Mapping logical memories to physical memories

[rachitnigam]

With #1145, Calyx has rudimentary support for memories with sequential read and writes. While the specific implementation of the memory in that PR is a 1-cycle read, 1-cycle write memory, the interface actually admits arbitrary latencies for reads and writes. This is because reads needs to be "primed" by setting the read_en signal and waiting on the read_done signal. Similarly, the write interface needs to use write_en and write_done signals. The only way Calyx knows that reads and writes take one cycle is because of the @static annotations on the read and write paths. We can imagine exposing a weaker interface without the @static annotations which will force frontends to assume that reads and writes can take arbitrary number of cycles.

Next, we can design a pass that analyses memories and remaps them to physical memories with different latencies. For example, we can say (these numbers are completely made up):

• If memory is bigger than 1Mb, map onto UltraRAM
• If memory is bigger than 512Kb, map onto BRAM with 4 cycle read/write latency
• ... and so on

Side note: the reason to map onto BRAMs with more than 1-cycle of read/write latency is because of the way synthesis tools construct bigger memories from BRAM building blocks; if a memory is too big, it needs to be constructed out of multiple BRAM blocks each of which add wire delay. By taking more cycles for reads and writes, we can help the synthesis tool get better timing results since it doesn't have to fit all reads and writes into 1 cycle.

The pass itself will use a set of primitive/generated memories which have the required characteristics. The best part of this is that we don't have to give up on latency-sensitivity; the pass, once it figures out which kind of memory to use, can insert the right @static attributes into the groups that use the memories.

FWIW, this pass is a much simpler version of the compiler @andrew1999 is building.

[sampsyo]

This plan sounds great. I just want to add that this seems like a pretty chunky piece of work—we'd need to design the high-level abstraction, adapt front-ends, create a library of interesting backing RAM implementations, and then implement the pass. So if anyone is ever looking for a discrete project to sink their teeth into, this could be one.

[rachitnigam]

I think @calebmkim might have this on his critical path towards writing the sharing paper (to some extent). We can’t really get resource numbers for bigger designs without this.

[rachitnigam]

Also, worth thinking about how this can enable HBM support: #1106

[sampsyo]

Indeed! As far as the "discussion needed" for this one, maybe what we should chat about is how to sidestep the need for the "full version" of this, or to build something minimal and easy that just enables big designs to compile in a reasonable way. (Just because I worry this could be a super interesting problem that would distract from sharing per se.)

[rachitnigam]

Yeah, I think the minimal thing to do to get sharing results is to port the Dahlia and TVM frontends to use the sequential read/write memories and default them to URAM for now. This is probably not the best thing to do but fine as a way to get started.

[rachitnigam]

I think this will be a good use case for evaluating the new Calyx static stuff

[calebmkim]

Just to revive this issue, @paili0628 and I talked about how we should implement this and we think the following might be a good idea: we could define components in Calyx that delay memory reads/writes by two cycles. E.g.,

component delay_2_mem(read_en, write_en, ..)(...) {
  cells {
    // instantiates two registers, and a memory with appropriate size
  }
  wires {...}
  control {
    static<2> par {
      if read_en {
        // read from memory by passing it through two registers 
      }
      if write_en {
        // writes to register by passing it through two registers
      }
    }
  } 
} 

I think it would probably be best to add this component as a primitive.
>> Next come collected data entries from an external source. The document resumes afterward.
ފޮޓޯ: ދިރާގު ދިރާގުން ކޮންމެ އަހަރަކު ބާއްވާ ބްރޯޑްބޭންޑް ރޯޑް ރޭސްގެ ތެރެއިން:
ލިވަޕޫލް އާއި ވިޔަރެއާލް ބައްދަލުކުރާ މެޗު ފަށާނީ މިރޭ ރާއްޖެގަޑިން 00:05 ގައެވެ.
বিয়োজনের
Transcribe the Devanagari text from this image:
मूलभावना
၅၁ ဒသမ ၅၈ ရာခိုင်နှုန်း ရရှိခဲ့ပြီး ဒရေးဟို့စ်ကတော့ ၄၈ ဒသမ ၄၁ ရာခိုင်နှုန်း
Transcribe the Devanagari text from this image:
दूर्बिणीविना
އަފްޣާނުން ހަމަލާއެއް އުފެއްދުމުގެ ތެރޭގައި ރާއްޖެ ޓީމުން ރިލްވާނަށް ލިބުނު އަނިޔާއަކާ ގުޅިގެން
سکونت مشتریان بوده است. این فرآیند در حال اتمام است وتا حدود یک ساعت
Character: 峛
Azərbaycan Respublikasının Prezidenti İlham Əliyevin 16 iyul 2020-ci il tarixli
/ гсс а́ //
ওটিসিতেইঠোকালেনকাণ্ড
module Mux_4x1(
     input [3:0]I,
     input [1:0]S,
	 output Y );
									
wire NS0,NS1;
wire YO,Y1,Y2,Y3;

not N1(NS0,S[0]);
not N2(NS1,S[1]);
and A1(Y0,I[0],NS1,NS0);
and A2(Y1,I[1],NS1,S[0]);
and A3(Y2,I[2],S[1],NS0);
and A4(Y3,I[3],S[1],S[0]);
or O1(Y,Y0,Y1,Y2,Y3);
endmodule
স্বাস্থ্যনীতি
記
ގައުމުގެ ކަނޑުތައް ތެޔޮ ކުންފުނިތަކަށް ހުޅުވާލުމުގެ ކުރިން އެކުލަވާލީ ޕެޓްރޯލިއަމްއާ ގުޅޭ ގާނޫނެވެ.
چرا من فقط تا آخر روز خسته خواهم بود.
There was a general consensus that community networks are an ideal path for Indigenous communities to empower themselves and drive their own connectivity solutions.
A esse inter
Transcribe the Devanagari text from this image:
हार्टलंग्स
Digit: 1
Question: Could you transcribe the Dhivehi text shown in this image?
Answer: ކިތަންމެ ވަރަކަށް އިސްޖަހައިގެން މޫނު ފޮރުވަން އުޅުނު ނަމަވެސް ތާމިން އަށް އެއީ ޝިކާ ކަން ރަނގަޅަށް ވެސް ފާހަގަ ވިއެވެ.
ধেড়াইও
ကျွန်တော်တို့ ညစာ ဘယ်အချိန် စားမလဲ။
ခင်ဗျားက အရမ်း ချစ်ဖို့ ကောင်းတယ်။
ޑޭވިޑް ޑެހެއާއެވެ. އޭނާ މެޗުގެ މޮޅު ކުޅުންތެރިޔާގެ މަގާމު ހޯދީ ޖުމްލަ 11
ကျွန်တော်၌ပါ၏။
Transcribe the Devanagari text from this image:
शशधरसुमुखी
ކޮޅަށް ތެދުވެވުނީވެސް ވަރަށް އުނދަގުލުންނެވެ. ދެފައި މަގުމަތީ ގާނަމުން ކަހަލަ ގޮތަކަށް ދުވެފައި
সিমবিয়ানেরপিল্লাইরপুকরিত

The only question I have is: can we use delay_2_mem to replace seq_mem's? The trouble with this is that seq_mems have a defined latency of 1, which could mess up static latency inference. This makes me think it might be worth it to implement a "virtual" memory in Calyx that doesn't yet have a defined latency.

[rachitnigam]

That sounds like a great starting point! Couple of notes:

1. We don't want to generate just a delay 2 module. We want to be able to generate any delay_n module so that for smaller memories, we can delay them by a 1 cycle and for larger ones, we can delay by up to 4.
2. You're right that we cannot replace seq_mem with these because they have a precise latency. The solution would be to get rid of the latency annotation for seq_mem so that they cannot be used in a static context until they have been lowered.
3. One thing to consider is implementing this using ref cells so that instead of instantiating the memory, the component just takes a reference to the memory and delays it by two. One potential problem with this approach is that FPGA tools might see this pattern and fail to match it with the right kind of memory that we want, especially in the case when the same instance is used to delay multiple memories. If we do this, we'd need to ensure that all memories use a different instance to do the reads and that the delay components all get inlined.